Selama ini, dengan anggaran wajib sekalipun, pemerataan layanan kesehatan masih jauh dari harapan. Masih ada 58 dari 514 kabupaten dan kota di Indonesia yang proporsi anggaran kesehatannya di bawah 10% pada 2021, dengan distribusi alokasi yang timpang, menurut catatan CISDI. Penghapusan anggaran wajib ditakutkan menurunkan kualitas layanan kesehatan oleh rumah sakit daerah dan ujung-ujungnya masyarakat juga yang dirugikan.
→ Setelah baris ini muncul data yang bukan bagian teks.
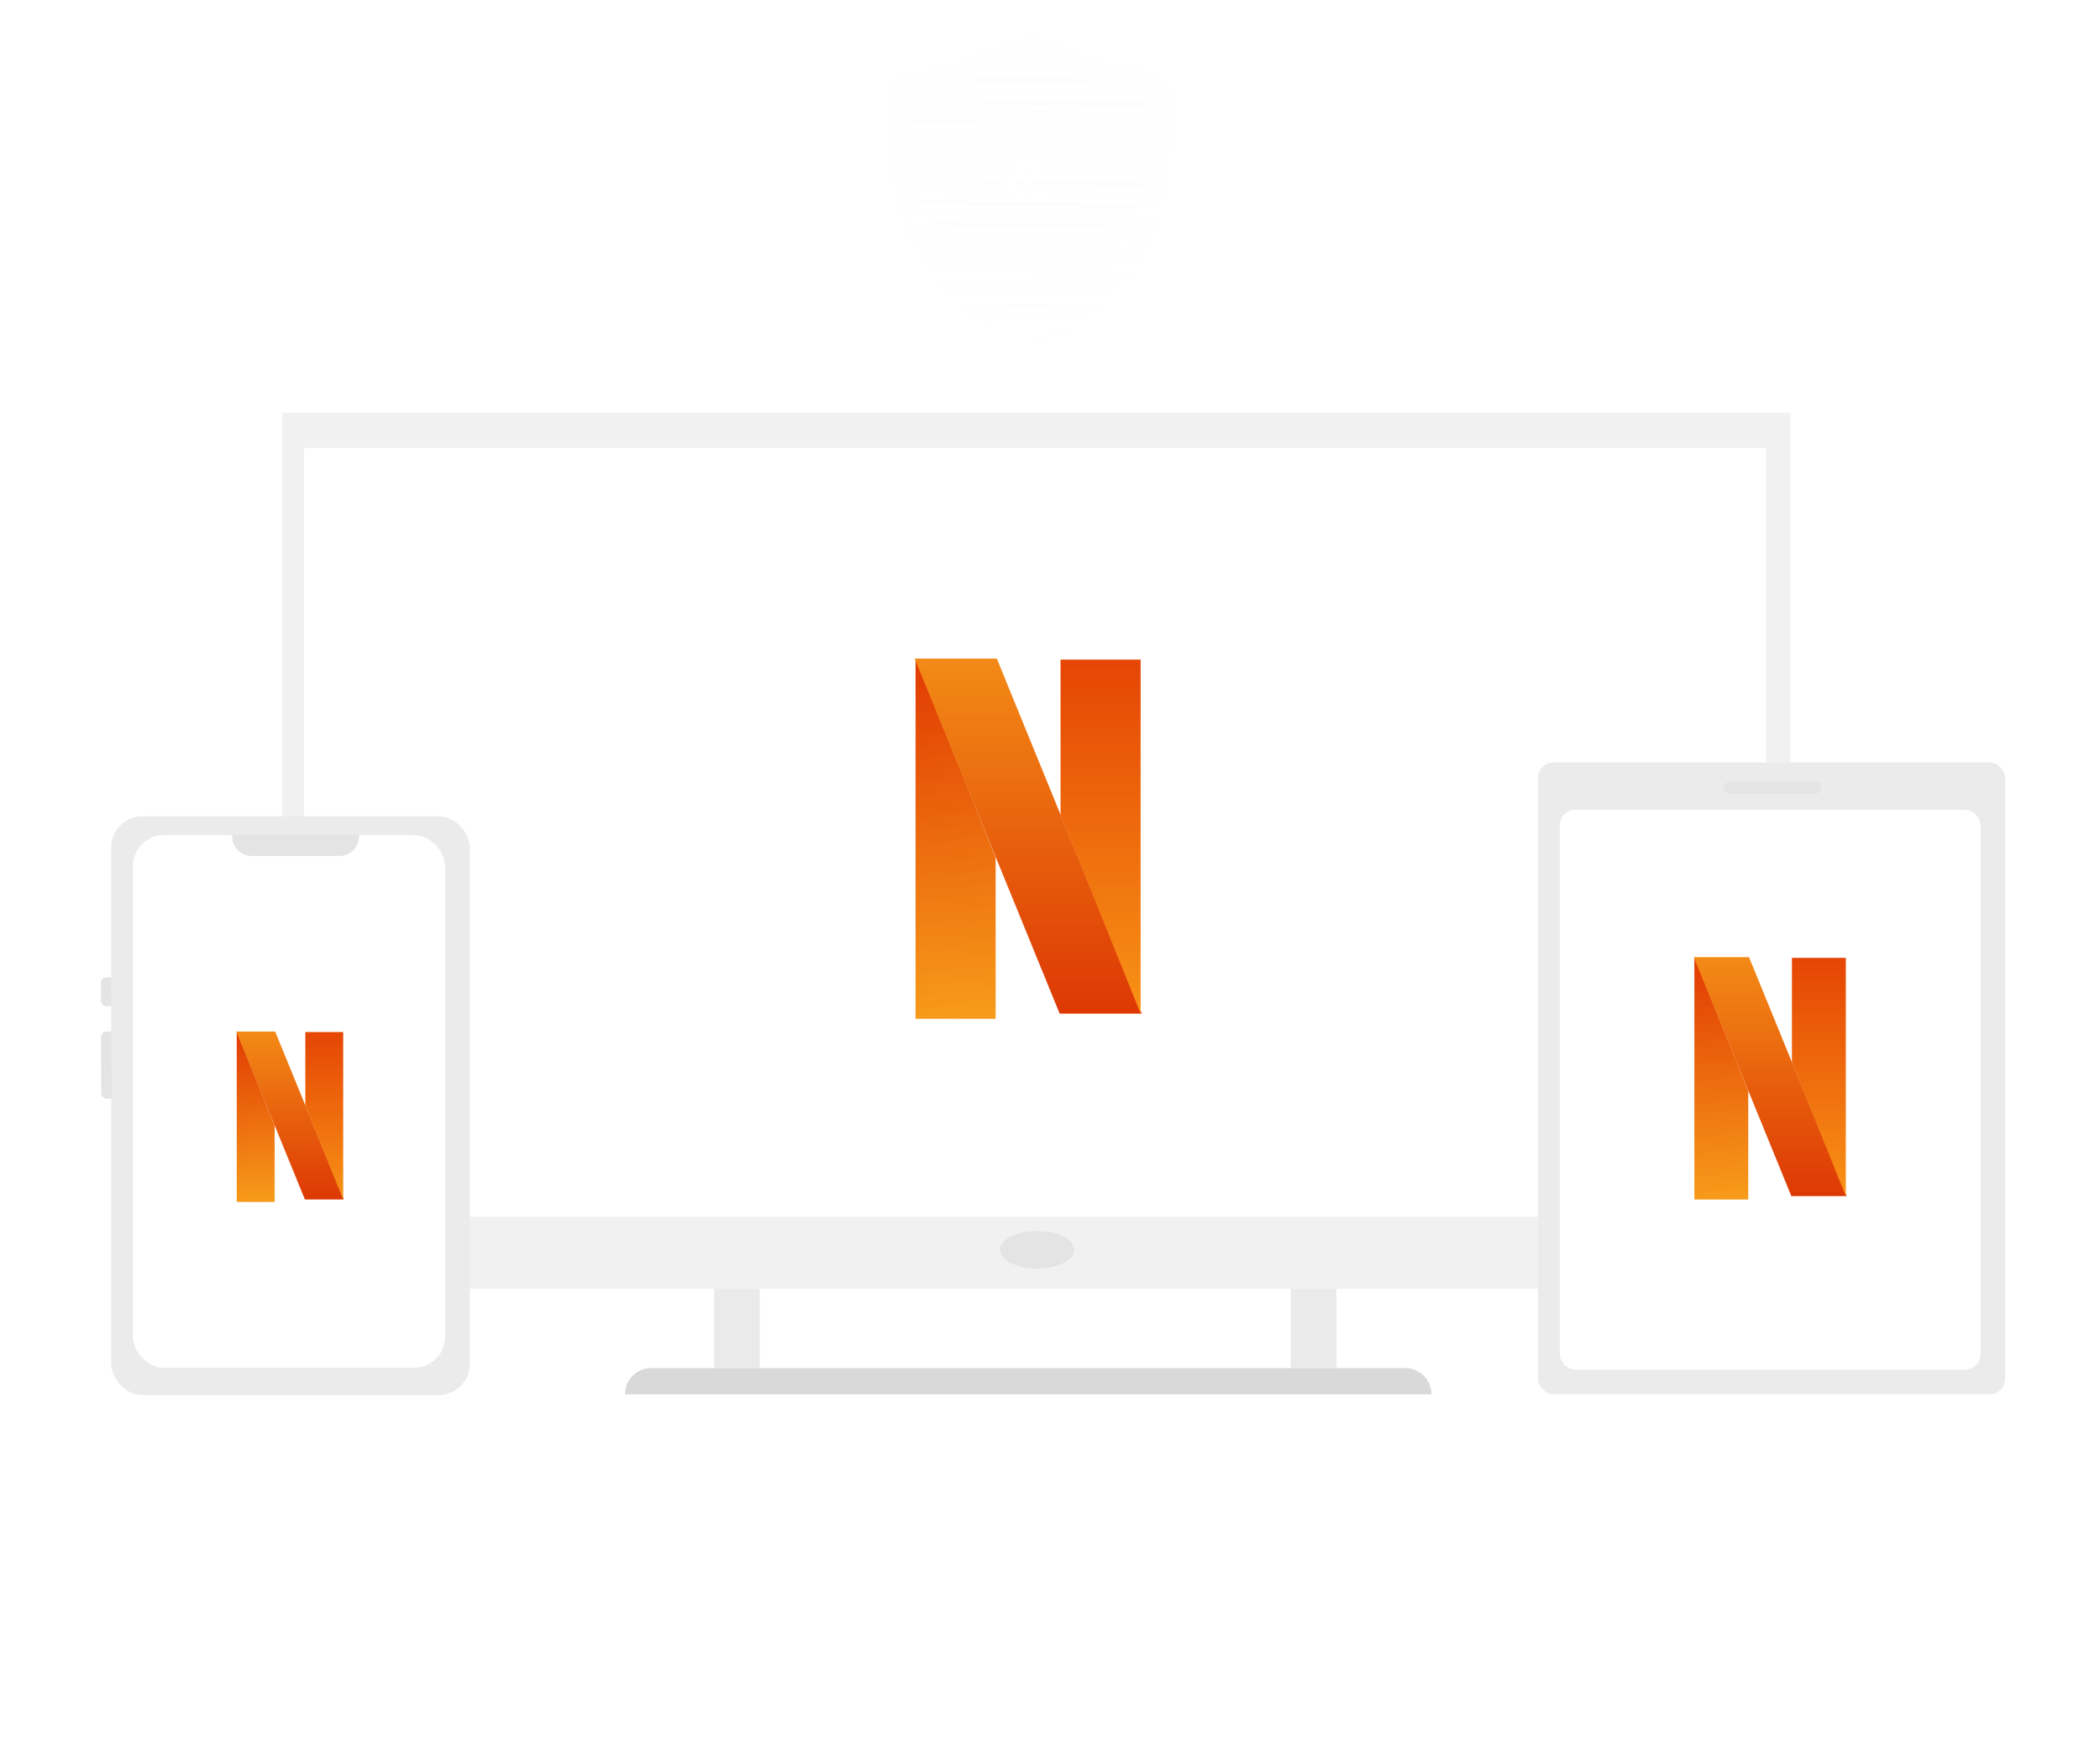 <svg width="645" height="539" fill="none" xmlns="http://www.w3.org/2000/svg"><g clip-path="url(#a)"><path d="M272.955 28.91c.257-3.66 3.151-6.444 6.775-7.008 4.493-.698 10.593-1.798 15.242-3.206 5.597-1.694 13.298-5.109 17.766-7.176a8.603 8.603 0 0 1 7.224 0c4.468 2.067 12.168 5.482 17.765 7.176 4.649 1.408 10.749 2.508 15.243 3.206 3.623.564 6.518 3.349 6.774 7.007 1.175 16.784.447 63.03-41.111 76.582a7.463 7.463 0 0 1-4.566 0c-41.558-13.552-42.286-59.798-41.112-76.582Z" fill="url(#b)"/><path d="M280.702 33.228c.21-3.005 2.588-5.293 5.565-5.756 3.691-.574 8.702-1.477 12.521-2.634 4.598-1.392 10.924-4.197 14.594-5.895a7.069 7.069 0 0 1 5.935 0c3.67 1.698 9.996 4.503 14.594 5.895 3.819 1.157 8.83 2.06 12.521 2.634 2.977.463 5.355 2.75 5.565 5.756.965 13.787.367 51.777-33.772 62.91a6.13 6.13 0 0 1-3.751 0c-34.139-11.133-34.737-49.123-33.772-62.91Z" fill="url(#c)"/><path d="M289.409 39.679c.159-2.272 1.957-4.002 4.207-4.352 2.792-.434 6.581-1.117 9.468-1.992 3.477-1.052 8.26-3.173 11.036-4.457a5.343 5.343 0 0 1 4.487 0c2.775 1.284 7.559 3.405 11.035 4.457 2.888.875 6.677 1.558 9.468 1.992 2.251.35 4.049 2.08 4.208 4.352.73 10.425.278 39.152-25.537 47.57a4.635 4.635 0 0 1-2.836 0c-25.814-8.418-26.266-37.144-25.536-47.57Z" fill="url(#d)"/><path fill="#F1F1F1" d="M86.663 126.795h463.233v269.011H86.663z"/><path fill="#fff" d="M93.368 137.548h449.096v236.147H93.368z"/><path fill="#EAEAEA" d="M219.327 395.805h14.015v24.346h-14.015zM396.451 395.805h14.015v24.346h-14.015z"/><path d="M191.959 428.186a8.034 8.034 0 0 1 8.035-8.035H431.61a8.035 8.035 0 0 1 8.035 8.035H191.959Z" fill="#D9D9D9"/><ellipse cx="318.549" cy="383.814" rx="11.387" ry="5.769" fill="#E4E4E4"/><g filter="url(#e)"><rect x="34.165" y="250.094" width="110.129" height="177.73" rx="9.545" fill="#EBEBEB"/></g><rect x="40.824" y="256.443" width="95.874" height="163.63" rx="9.545" fill="#fff"/><path d="M71.314 256.443h38.96v.395a6.04 6.04 0 0 1-6.041 6.041H77.356a6.04 6.04 0 0 1-6.042-6.041v-.395ZM34.222 300.115l.039 8.894-1.516.003a1.711 1.711 0 0 1-1.714-1.703l-.024-5.482a1.702 1.702 0 0 1 1.7-1.71l1.515-.002ZM34.257 316.787l.089 20.623-1.516.003a1.711 1.711 0 0 1-1.714-1.703l-.074-17.21a1.702 1.702 0 0 1 1.699-1.71l1.516-.003Z" fill="#E4E4E4"/><rect x="472.386" y="234.146" width="143.476" height="194.041" rx="4.772" fill="#EBEBEB"/><rect x="479.09" y="248.705" width="129.219" height="171.93" rx="4.772" fill="#fff"/><rect width="29.964" height="3.685" rx="1.843" transform="matrix(1 0 0 -1 529.415 243.751)" fill="#E4E4E4"/><path d="M520.412 293.95v74.427h16.553V335.03l-16.553-41.08Z" fill="url(#f)"/><path d="m550.196 367.32-29.964-73.37h16.976l29.964 73.37h-16.976Z" fill="url(#g)"/><path d="M550.377 326.24v-32.078h16.553v73.158l-16.553-41.08Z" fill="url(#h)"/><path d="M72.714 316.788v52.316H84.35v-23.441l-11.635-28.875Z" fill="url(#i)"/><path d="m93.65 368.361-21.063-51.573H84.52l21.062 51.573H93.65Z" fill="url(#j)"/><path d="M93.777 339.485v-22.548h11.635v51.424l-11.635-28.876Z" fill="url(#k)"/><path d="M281.205 202.248v110.613h24.601v-49.56l-24.601-61.053Z" fill="url(#l)"/><path d="m325.469 311.29-44.533-109.042h25.229l44.533 109.042h-25.229Z" fill="url(#m)"/><path d="M325.738 250.237v-47.675h24.601V311.29l-24.601-61.053Z" fill="url(#n)"/><path d="M320.322 56.805a4.192 4.192 0 0 1-1.794 2.284c-.91.557-1.986.752-3.007.557a4.143 4.143 0 0 1-2.593-1.643 4.287 4.287 0 0 1-.828-2.98c.083-.809.386-1.56.855-2.202l3.311 6.073c1.545-2.841 3.118-5.683 4.663-8.524-.138-.14-.304-.25-.469-.39-.028-.028-.028-.028-.056-.028-.11-.083-.248-.195-.386-.278-.027 0-.027-.028-.055-.028-.028-.028-.083-.056-.11-.084-.138-.083-.276-.167-.414-.222-.028-.028-.055-.028-.083-.056a3.827 3.827 0 0 0-.497-.223c-.027 0-.055-.028-.11-.028-.027 0-.055-.028-.083-.028a7.45 7.45 0 0 0-2.345-.445c-.855 0-1.71.167-2.483.473l-.883-1.616-2.289 1.282.938 1.755c-1.187 1.142-1.959 2.674-2.097 4.345a6.792 6.792 0 0 0 1.352 4.791 6.756 6.756 0 0 0 4.193 2.619c1.683.306 3.394 0 4.856-.92a6.884 6.884 0 0 0 2.979-3.983c.056-.167.083-.362.138-.529h-2.703v.028Zm-4.001-5.627c.359 0 .745.056 1.104.14-.386.696-.773 1.42-1.159 2.116l-1.159-2.117c.387-.083.8-.139 1.214-.139Z" fill="#fff"/></g><defs><linearGradient id="b" x1="316.339" y1="-55.654" x2="312.982" y2="137.212" gradientUnits="userSpaceOnUse"><stop stop-color="#FAFAFA" stop-opacity=".22"/><stop offset="1" stop-color="#FAFAFA" stop-opacity="0"/></linearGradient><linearGradient id="c" x1="316.341" y1="-36.239" x2="313.583" y2="122.197" gradientUnits="userSpaceOnUse"><stop stop-color="#FAFAFA" stop-opacity=".1"/><stop offset="1" stop-color="#FAFAFA" stop-opacity="0"/></linearGradient><linearGradient id="d" x1="316.363" y1="27.818" x2="316.368" y2="103.137" gradientUnits="userSpaceOnUse"><stop stop-color="#fff" stop-opacity=".12"/><stop offset="1" stop-color="#fff" stop-opacity=".02"/></linearGradient><linearGradient id="f" x1="520.412" y1="286.761" x2="528.689" y2="368.377" gradientUnits="userSpaceOnUse"><stop stop-color="#DF3100"/><stop offset="1" stop-color="#F79B1A"/></linearGradient><linearGradient id="g" x1="543.702" y1="293.95" x2="543.732" y2="381.033" gradientUnits="userSpaceOnUse"><stop stop-color="#F38A16"/><stop offset="1" stop-color="#D92901"/></linearGradient><linearGradient id="h" x1="558.653" y1="277.458" x2="558.653" y2="367.32" gradientUnits="userSpaceOnUse"><stop stop-color="#E13400"/><stop offset="1" stop-color="#F89216"/></linearGradient><linearGradient id="i" x1="72.714" y1="311.734" x2="78.532" y2="369.104" gradientUnits="userSpaceOnUse"><stop stop-color="#DF3100"/><stop offset="1" stop-color="#F79B1A"/></linearGradient><linearGradient id="j" x1="89.085" y1="316.788" x2="89.106" y2="378" gradientUnits="userSpaceOnUse"><stop stop-color="#F38A16"/><stop offset="1" stop-color="#D92901"/></linearGradient><linearGradient id="k" x1="99.594" y1="305.195" x2="99.594" y2="368.361" gradientUnits="userSpaceOnUse"><stop stop-color="#E13400"/><stop offset="1" stop-color="#F89216"/></linearGradient><linearGradient id="l" x1="281.205" y1="191.564" x2="293.505" y2="312.861" gradientUnits="userSpaceOnUse"><stop stop-color="#DF3100"/><stop offset="1" stop-color="#F79B1A"/></linearGradient><linearGradient id="m" x1="315.817" y1="202.248" x2="315.862" y2="331.671" gradientUnits="userSpaceOnUse"><stop stop-color="#F38A16"/><stop offset="1" stop-color="#D92901"/></linearGradient><linearGradient id="n" x1="338.039" y1="177.737" x2="338.039" y2="311.29" gradientUnits="userSpaceOnUse"><stop stop-color="#E13400"/><stop offset="1" stop-color="#F89216"/></linearGradient><clipPath id="a"><path fill="#fff" d="M0 0h645v539H0z"/></clipPath><filter id="e" x="32.353" y="248.886" width="113.754" height="181.354" filterUnits="userSpaceOnUse" color-interpolation-filters="sRGB"><feFlood flood-opacity="0" result="BackgroundImageFix"/><feColorMatrix in="SourceAlpha" values="0 0 0 0 0 0 0 0 0 0 0 0 0 0 0 0 0 0 127 0" result="hardAlpha"/><feOffset dy=".604"/><feGaussianBlur stdDeviation=".906"/><feComposite in2="hardAlpha" operator="out"/><feColorMatrix values="0 0 0 0 0.625 0 0 0 0 0.625 0 0 0 0 0.625 0 0 0 0.25 0"/><feBlend in2="BackgroundImageFix" result="effect1_dropShadow_19_38"/><feBlend in="SourceGraphic" in2="effect1_dropShadow_19_38" result="shape"/></filter></defs></svg>

“Prioritas pembangunan kesehatan nasional sulit terlaksana di daerah karena dalih keterbatasan anggaran. Sektor kesehatan kerap tidak menjadi prioritas dalam penyusunan rencana pembangunan daerah. Hilangnya mandatori belanja anggaran kesehatan membuat tidak ada jaminan atau komitmen perbaikan untuk menguatkan sistem kesehatan di tingkat pusat maupun daerah,” kata Founder dan CEO Center for Indonesia’s Strategic Development Initiatives Diah Satyani Saminarsih dalam keterangan resmi, Rabu (12/7/2023).
Pada 2023, anggaran belanja pemerintah pusat dalam kesehatan sebesar Rp96,6 triliun (4,3%). Padahal, dalam kurun waktu 7 tahun terakhir, Pemerintah mengalokasikan anggaran kesehatan sekurang-kurangnya 5% dari APBN. Sejak tahun 2018-2021, realisasi anggaran kesehatan tumbuh rata-rata 41,9% per tahun.
Sementara, Anggaran Kesehatan dalam APBN tahun 2023 adalah Rp178,7 triliun yang utamanya dialokasikan Pemerintah melalui Belanja Pusat (Kementerian Kesehatan, BPOM, BKKBN, Kementerian Pertahanan, dan Polri, serta Belanja Non kementerian/lembaga) dan melalui Transfer ke Daerah (TKD).
Hingga 31 Oktober 2023, total realisasi belanja pemerintah pusat (BPP) adalah Rp1,572,2 triliun atau 70% dari pagu. Realisasi Penerima Bantuan Iuran Jaminan Kesehatan Nasional (PBI JKN) Rp38,6 triliun. Dengan rincian, Rp3,9 triliun per bulan untuk 96,4 juta peserta.